Task: Your answer should hold all lines of the entries that include the word "width".
START Dataset content
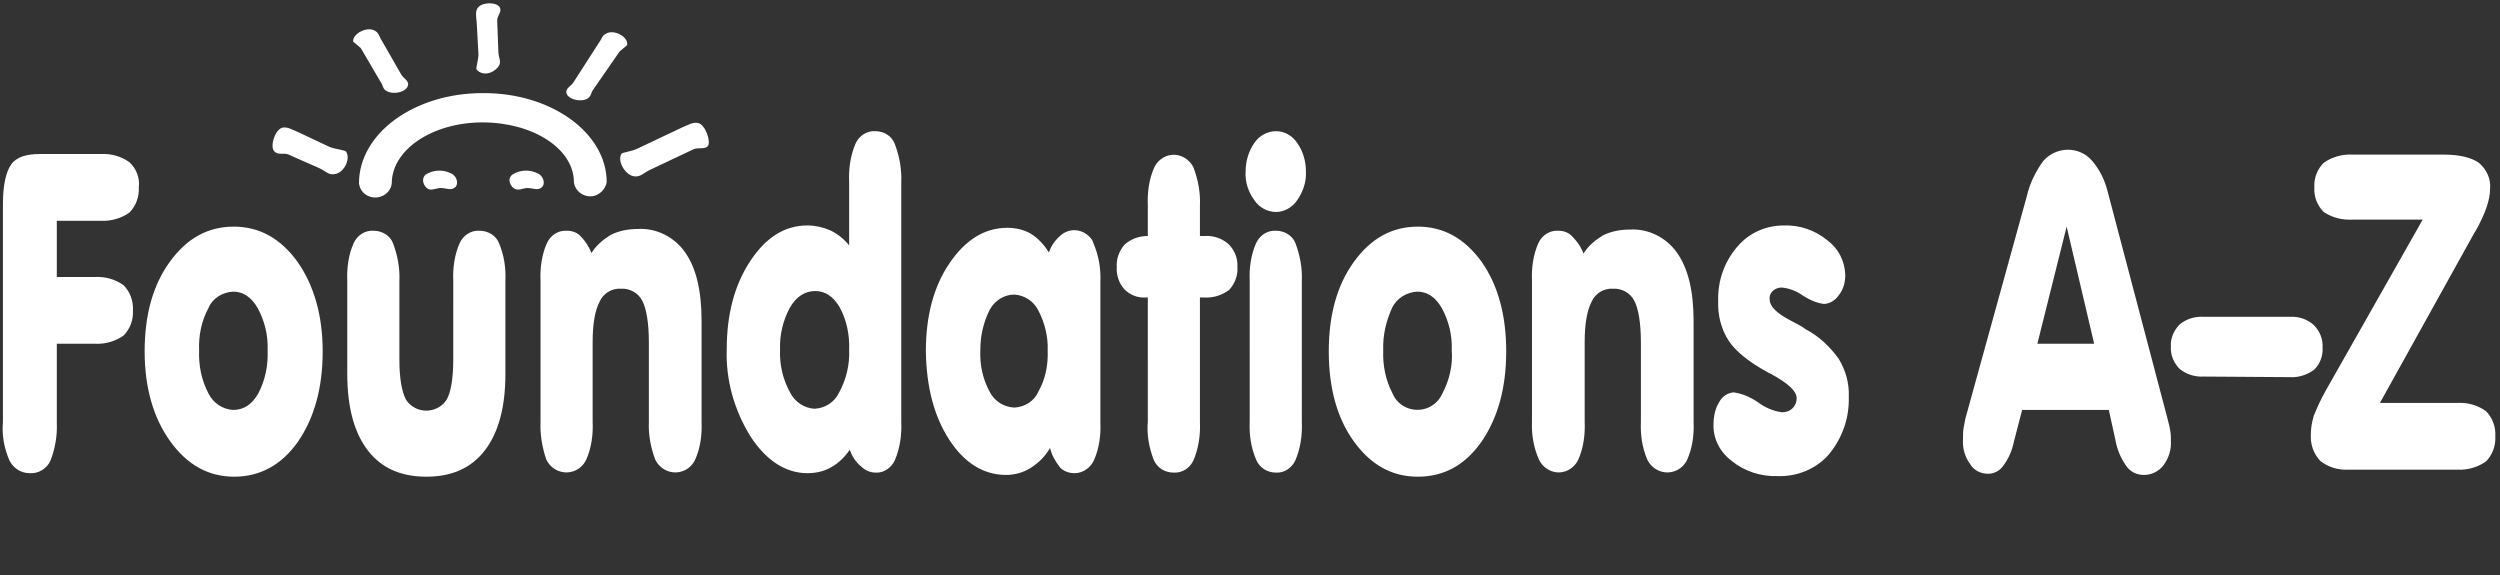 <?xml version="1.0" encoding="utf-8"?>
<!-- Generator: Adobe Illustrator 24.0.2, SVG Export Plug-In . SVG Version: 6.00 Build 0)  -->
<svg version="1.1" id="Layer_1" xmlns="http://www.w3.org/2000/svg" xmlns:xlink="http://www.w3.org/1999/xlink" x="0px" y="0px"
	 width="426.9px" height="98.2px" viewBox="0 0 426.9 98.2" style="enable-background:new 0 0 426.9 98.2;" xml:space="preserve">
<rect x="0" y="0" width="426.9" height="98.2" fill="#333333" stroke="none"/>
<style type="text/css">
	.st0{fill:#FFFFFF;}
</style>
<path class="st0" d="M17.2,26.3c1.8-0.1,3.5,0.4,4.9,1.4c1.2,1.1,1.8,2.7,1.6,4.3c0.1,1.6-0.5,3.2-1.6,4.3c-1.4,1-3.2,1.5-4.9,1.4
	H9.7v9.6h6.5c1.8-0.1,3.5,0.4,4.9,1.4c1.1,1.1,1.7,2.7,1.6,4.3c0.1,1.6-0.5,3.2-1.6,4.3c-1.4,1-3.2,1.5-4.9,1.4H9.7v13.5
	c0.1,2.2-0.3,4.5-1.1,6.5c-0.6,1.3-2,2.2-3.5,2.1c-1.5,0-2.8-0.8-3.5-2.2c-0.9-2.1-1.3-4.3-1.1-6.5V34.9c0-3.3,0.5-5.5,1.4-6.8
	s2.6-1.8,4.9-1.8H17.2z M24.7,60c0-6.2,1.4-11.3,4.3-15.3s6.5-6,10.9-6c4.4,0,8,2,10.9,6c2.8,4,4.3,9.1,4.3,15.3
	c0,6.2-1.4,11.3-4.2,15.4c-2.8,4-6.5,6-10.9,6c-4.4,0-8-2-10.9-6S24.7,66.2,24.7,60z M34,59.8c-0.1,2.6,0.4,5.1,1.6,7.4
	c0.8,1.6,2.4,2.7,4.2,2.8c1.8,0,3.2-0.9,4.3-2.8c1.2-2.3,1.7-4.8,1.6-7.4c0.1-2.5-0.5-5-1.7-7.2c-1.1-1.9-2.5-2.8-4.2-2.8
	c-1.8,0.1-3.5,1.1-4.2,2.8C34.4,54.8,33.9,57.3,34,59.8z M59.3,63.8V48c-0.1-2.2,0.2-4.5,1.1-6.5c0.6-1.3,1.9-2.2,3.4-2.1
	c1.4,0,2.8,0.8,3.3,2.1c0.8,2.1,1.2,4.3,1.1,6.5v13.4c0,3.2,0.4,5.4,1.1,6.8c1.2,1.9,3.7,2.5,5.7,1.3c0.5-0.3,1-0.8,1.3-1.3
	c0.7-1.3,1.1-3.6,1.1-6.8V48c-0.1-2.2,0.2-4.5,1.1-6.5c0.6-1.3,1.9-2.2,3.4-2.1c1.4,0,2.8,0.8,3.3,2.1c0.9,2.1,1.2,4.3,1.1,6.5v15.9
	c0,5.7-1.2,10-3.5,13c-2.3,3-5.6,4.5-10,4.5c-4.4,0-7.7-1.5-10-4.5C60.5,73.9,59.3,69.6,59.3,63.8L59.3,63.8z M92.3,72V48
	c-0.1-2.2,0.2-4.5,1.1-6.5c0.6-1.3,1.9-2.2,3.4-2.1c0.9,0,1.8,0.3,2.4,1c0.8,0.8,1.4,1.8,1.8,2.8c0.8-1.3,2-2.3,3.3-3.1
	c1.4-0.7,3-1,4.6-1c3.2-0.2,6.3,1.4,8.1,4c1.9,2.7,2.8,6.6,2.8,11.7V72c0.1,2.2-0.2,4.5-1.1,6.5c-0.9,1.9-3.1,2.7-5,1.8
	c-0.8-0.4-1.4-1-1.8-1.8c-0.8-2.1-1.2-4.3-1.1-6.5V58.5c0-3.3-0.4-5.7-1.1-7.1c-0.7-1.4-2.2-2.2-3.7-2.1c-1.5-0.1-3,0.8-3.6,2.2
	c-0.8,1.5-1.2,3.8-1.2,6.9V72c0.1,2.2-0.2,4.5-1.1,6.5c-0.9,1.9-3.1,2.7-5,1.8c-0.8-0.4-1.4-1-1.8-1.8C92.6,76.5,92.2,74.2,92.3,72z
	 M145.1,76.8c-0.8,1.2-1.9,2.3-3.2,3c-1.2,0.7-2.6,1-4,1c-3.7,0-7-2.1-9.7-6.2c-2.8-4.5-4.3-9.7-4.1-15c0-5.9,1.3-10.9,4-15
	c2.7-4.1,5.9-6.1,9.8-6.1c1.3,0,2.6,0.3,3.8,0.8c1.3,0.6,2.4,1.5,3.3,2.6V31.1c-0.1-2.3,0.2-4.5,1.1-6.6c0.6-1.3,1.9-2.2,3.4-2.1
	c1.4,0,2.8,0.8,3.3,2.2c0.8,2.1,1.2,4.3,1.1,6.6V72c0.1,2.2-0.2,4.5-1.1,6.6c-0.6,1.3-1.9,2.2-3.3,2.1c-0.9,0-1.8-0.4-2.4-1
	C146.1,78.9,145.5,77.9,145.1,76.8L145.1,76.8z M133.2,59.8c-0.1,2.5,0.5,5,1.7,7.2c0.8,1.6,2.4,2.7,4.2,2.8
	c1.8-0.1,3.4-1.1,4.2-2.8c1.2-2.2,1.8-4.7,1.7-7.2c0.1-2.5-0.4-5.1-1.6-7.3c-1.1-1.9-2.5-2.8-4.2-2.8s-3.2,0.9-4.3,2.8
	C133.7,54.7,133.1,57.2,133.2,59.8z M179.3,76.5c-0.8,1.4-1.9,2.5-3.3,3.4c-1.3,0.8-2.7,1.2-4.2,1.2c-3.8,0-7.1-2-9.7-6
	c-2.6-4-3.9-9-4-15.1c0-6,1.3-11,4-15s6-6.1,9.9-6.1c1.4,0,2.8,0.3,4,1c1.3,0.8,2.3,1.9,3.1,3.2c0.4-1.1,1-2,1.9-2.8
	c1.5-1.4,3.7-1.3,5.1,0.2c0.3,0.3,0.5,0.6,0.6,1c0.9,2.1,1.3,4.3,1.2,6.6v24c0.1,2.2-0.2,4.5-1.1,6.5c-0.6,1.3-1.9,2.2-3.3,2.2
	c-0.9,0-1.9-0.3-2.5-1C180.2,78.8,179.6,77.7,179.3,76.5L179.3,76.5z M167.4,59.8c-0.1,2.5,0.4,4.9,1.6,7.1c0.8,1.6,2.4,2.6,4.2,2.7
	c1.8-0.1,3.4-1.1,4.1-2.7c1.2-2.1,1.7-4.6,1.6-7c0.1-2.4-0.5-4.8-1.6-6.9c-0.8-1.6-2.4-2.6-4.1-2.7c-1.8,0-3.4,1.1-4.2,2.6
	C167.9,55.1,167.4,57.4,167.4,59.8z M196,50.8h-0.3c-1.4,0.1-2.7-0.4-3.7-1.4c-0.9-1-1.4-2.4-1.3-3.8c-0.1-1.4,0.4-2.7,1.3-3.8
	c1.1-1,2.5-1.5,4-1.5v-5.2c-0.1-2.2,0.2-4.5,1.1-6.5c0.9-1.9,3.1-2.7,4.9-1.8c0.8,0.4,1.4,1,1.8,1.8c0.8,2.1,1.2,4.3,1.1,6.5v5.2
	h0.8c1.5-0.1,3,0.4,4.1,1.4c1,1,1.6,2.4,1.5,3.9c0.1,1.4-0.4,2.8-1.4,3.9c-1.2,0.9-2.7,1.4-4.3,1.3h-0.7V72c0.1,2.2-0.2,4.5-1.1,6.6
	c-0.6,1.3-1.9,2.2-3.4,2.1c-1.5,0-2.8-0.8-3.4-2.2c-0.8-2.1-1.2-4.3-1-6.5L196,50.8z M212.7,29.3c0-1.7,0.5-3.5,1.5-4.9
	c0.8-1.2,2.2-2,3.7-2c1.5,0,2.8,0.8,3.6,2c1,1.4,1.5,3.1,1.5,4.9c0.1,1.7-0.5,3.5-1.5,4.9c-0.8,1.2-2.2,2-3.6,2
	c-1.5,0-2.9-0.8-3.7-2C213.1,32.7,212.6,31,212.7,29.3L212.7,29.3z M222.3,72c0.1,2.2-0.2,4.5-1.1,6.6c-0.6,1.3-1.9,2.2-3.3,2.1
	c-1.5,0-2.8-0.8-3.4-2.2c-0.9-2.1-1.2-4.3-1.1-6.5V48c-0.1-2.2,0.2-4.5,1.1-6.5c0.6-1.3,1.9-2.2,3.4-2.1c1.4,0,2.8,0.8,3.3,2.1
	c0.8,2.1,1.2,4.3,1.1,6.5V72z M226.9,60c0-6.2,1.4-11.3,4.3-15.3s6.5-6,10.9-6c4.4,0,8,2,10.9,6c2.8,4,4.2,9.1,4.2,15.3
	c0,6.2-1.4,11.3-4.2,15.4c-2.8,4-6.4,6-10.9,6c-4.4,0-8-2-10.9-6S226.9,66.2,226.9,60L226.9,60z M236.2,59.8
	c-0.1,2.6,0.4,5.1,1.6,7.4c1,2.4,3.8,3.4,6.1,2.4c1.1-0.5,1.9-1.3,2.4-2.4c1.2-2.3,1.8-4.8,1.6-7.4c0.1-2.5-0.5-5-1.7-7.2
	c-1.1-1.9-2.5-2.8-4.2-2.8c-1.8,0.1-3.5,1.1-4.3,2.8C236.7,54.8,236.1,57.3,236.2,59.8L236.2,59.8z M261.6,72V48
	c-0.1-2.2,0.2-4.5,1.1-6.5c0.6-1.3,1.9-2.2,3.4-2.1c0.9,0,1.8,0.3,2.4,1c0.8,0.8,1.5,1.8,1.9,2.9c0.8-1.3,2-2.3,3.3-3.1
	c1.4-0.7,3-1,4.6-1c3.2-0.2,6.3,1.4,8.1,4c1.9,2.7,2.8,6.6,2.8,11.7V72c0.1,2.2-0.2,4.5-1.1,6.5c-0.9,1.9-3.1,2.7-5,1.8
	c-0.8-0.4-1.4-1-1.8-1.8c-0.9-2.1-1.2-4.3-1.1-6.5V58.5c0-3.3-0.4-5.7-1.1-7.1c-0.7-1.4-2.2-2.2-3.7-2.1c-1.5-0.1-3,0.8-3.6,2.2
	c-0.8,1.5-1.2,3.8-1.2,6.9V72c0.1,2.2-0.2,4.5-1.1,6.5c-0.9,1.9-3.1,2.7-4.9,1.8c-0.8-0.4-1.4-1-1.8-1.8
	C261.9,76.5,261.5,74.2,261.6,72z M303.6,81.3c-2.9,0.1-5.7-0.8-7.9-2.6c-2-1.5-3.2-3.8-3.1-6.3c0-1.3,0.3-2.7,1-3.8
	c0.5-0.9,1.4-1.5,2.4-1.6c1.5,0.2,2.9,0.8,4.2,1.7c1.2,0.9,2.6,1.5,4.1,1.7c0.7,0,1.3-0.2,1.8-0.7c0.5-0.5,0.7-1.1,0.7-1.7
	c0-1.2-1.4-2.5-4.3-4.1l-0.6-0.3c-3.3-1.8-5.5-3.6-6.7-5.4c-1.3-2-1.9-4.4-1.8-6.8c-0.1-3.4,1-6.6,3.2-9.2c2-2.4,4.9-3.7,8-3.7
	c2.7-0.1,5.3,0.8,7.4,2.5c1.9,1.4,3,3.5,3.1,5.9c0,1.3-0.3,2.5-1.1,3.5c-0.6,0.9-1.6,1.5-2.6,1.5c-1.3-0.2-2.4-0.7-3.5-1.4
	c-1.1-0.8-2.4-1.3-3.7-1.4c-0.5,0-1.1,0.2-1.5,0.6c-0.4,0.4-0.6,0.9-0.5,1.5c0,1.1,1.2,2.3,3.5,3.5c1.1,0.6,2,1,2.6,1.5
	c2.3,1.2,4.2,3,5.7,5.1c1.2,2,1.8,4.2,1.7,6.5c0.1,3.6-1.1,7-3.4,9.8C310.2,80,307,81.4,303.6,81.3L303.6,81.3z M345.3,70l-1.4,5.4
	c-0.3,1.5-0.9,2.9-1.8,4.1c-0.6,0.9-1.6,1.4-2.6,1.4c-1.3,0-2.5-0.6-3.1-1.7c-0.9-1.2-1.3-2.7-1.2-4.2c0-0.6,0-1.3,0.1-1.9
	c0.1-0.6,0.2-1.1,0.3-1.6l10.5-38c0.5-2.2,1.5-4.2,2.8-6c2-2.3,5.5-2.6,7.8-0.6c0.2,0.2,0.3,0.3,0.5,0.5c1.3,1.5,2.2,3.3,2.7,5.3
	l10.2,38.7c0.2,0.8,0.4,1.5,0.5,2.2c0.1,0.6,0.1,1.1,0.1,1.7c0.1,1.5-0.4,3-1.3,4.2c-0.8,1-2,1.6-3.3,1.6c-1.2,0-2.3-0.5-3-1.5
	c-1-1.4-1.6-2.9-1.9-4.6l-1.1-5H345.3z M347.9,58.7h9.7l-4.7-20L347.9,58.7z M376.3,64.3c-1.5,0.1-3-0.4-4.1-1.3
	c-1-1-1.6-2.4-1.5-3.8c-0.1-1.4,0.5-2.8,1.5-3.8c1.2-1,2.7-1.4,4.2-1.3H391c1.5-0.1,3,0.4,4.1,1.4c1,1,1.6,2.4,1.5,3.8
	c0.1,1.4-0.4,2.8-1.4,3.8c-1.2,0.9-2.7,1.4-4.2,1.3L376.3,64.3z M419.6,68.8c1.8-0.1,3.5,0.4,4.9,1.4c1.1,1.1,1.7,2.7,1.6,4.3
	c0.1,1.6-0.5,3.2-1.6,4.3c-1.4,1-3.2,1.5-4.9,1.4h-18.5c-1.8,0.1-3.5-0.4-4.9-1.5c-1.2-1.3-1.7-2.9-1.6-4.6c0-1,0.2-2.1,0.5-3.1
	c0.6-1.5,1.3-3,2.1-4.4l16.5-29.1h-11.9c-1.8,0.1-3.5-0.3-5-1.3c-1.1-1.1-1.7-2.6-1.6-4.2c-0.1-1.6,0.5-3.1,1.6-4.2
	c1.4-1,3.2-1.5,4.9-1.4h15.6c2.7,0,4.7,0.5,6,1.4c1.3,1.1,2.1,2.8,1.9,4.5c0,1.8-0.8,4.2-2.5,7.2l-0.2,0.3l-16.1,29L419.6,68.8z
	 M77,29.6c-1.4-0.7-3-0.6-4.3,0.2c-0.9,0.8-0.3,2,0.3,2.4c0.6,0.4,1.3,0,2.1-0.1c1.2,0,1.9,0.5,2.6-0.1S78,30,77,29.6z M65,14
	c0.4,0.5,0.3,1,0.8,1.4c1.1,0.9,3.8,0.4,3.9-1c0-0.7-0.8-1-1.2-1.7L65,6.6c-0.3-0.6-0.4-1-0.9-1.3c-1.3-0.9-3.9,0.4-3.8,1.8l1.3,1.1
	L65,14z M81.7,9.3c0,1-0.5,2.3-0.3,2.6c1,1.1,2.7,0.7,3.6-0.4c0.8-0.9,0.1-1.6,0.1-2.7l-0.2-5.3c0-0.9,0.9-1.5,0.4-2.3
	s-2.7-0.9-3.6,0c-0.6,0.6-0.4,1.6-0.3,2.6L81.7,9.3z M49.3,26.4l2,0.9l3.2,1.4c1.1,0.5,1.6,1.3,2.8,1c1.5-0.3,2.6-2.6,1.8-3.8
	c-0.2-0.3-1.8-0.4-2.8-0.8L51,22.6c-1-0.4-1.9-1-2.8-0.8c-1.3,0.4-2.1,3.2-1.4,4S48.4,26,49.3,26.4z M89.9,32.1
	c1.2,0,1.9,0.5,2.6-0.1s0.3-2-0.7-2.4c-1.4-0.7-3-0.6-4.3,0.2c-1,0.8-0.3,2,0.3,2.4C88.5,32.6,89.2,32.2,89.9,32.1z M103.4,5.8
	c-0.6,0.3-0.6,0.8-1,1.3l-4.5,7c-0.4,0.6-1.2,0.9-1.2,1.6c0,1.3,2.8,1.9,3.8,1c0.5-0.4,0.4-0.9,0.8-1.4l4.5-6.5l1.3-1.1
	C107.3,6.2,104.7,4.9,103.4,5.8z M82.4,15.9c-11.7,0-21.1,6.9-21.1,15.4c0.2,1.6,1.6,2.6,3.2,2.4c1.3-0.2,2.3-1.2,2.4-2.4
	c0-5.7,6.9-10.4,15.5-10.4S98,25.4,98,31.1c0.2,1.6,1.7,2.6,3.2,2.4c1.2-0.2,2.2-1.2,2.4-2.4C103.6,22.7,94.1,15.8,82.4,15.9
	L82.4,15.9z M108.2,30.1c1.2,0.2,1.7-0.6,2.8-1.1l5.5-2.6l1.9-0.9c0.9-0.4,2,0.1,2.5-0.6s-0.4-3.6-1.7-3.9c-0.9-0.2-1.8,0.4-2.8,0.8
	l-7.6,3.6c-1,0.5-2.6,0.6-2.7,0.9C105.4,27.5,106.7,29.8,108.2,30.1L108.2,30.1z"/>
</svg>
END Dataset content
Exercise solution:
	 width="426.9px" height="98.2px" viewBox="0 0 426.9 98.2" style="enable-background:new 0 0 426.9 98.2;" xml:space="preserve">
<rect x="0" y="0" width="426.9" height="98.2" fill="#333333" stroke="none"/>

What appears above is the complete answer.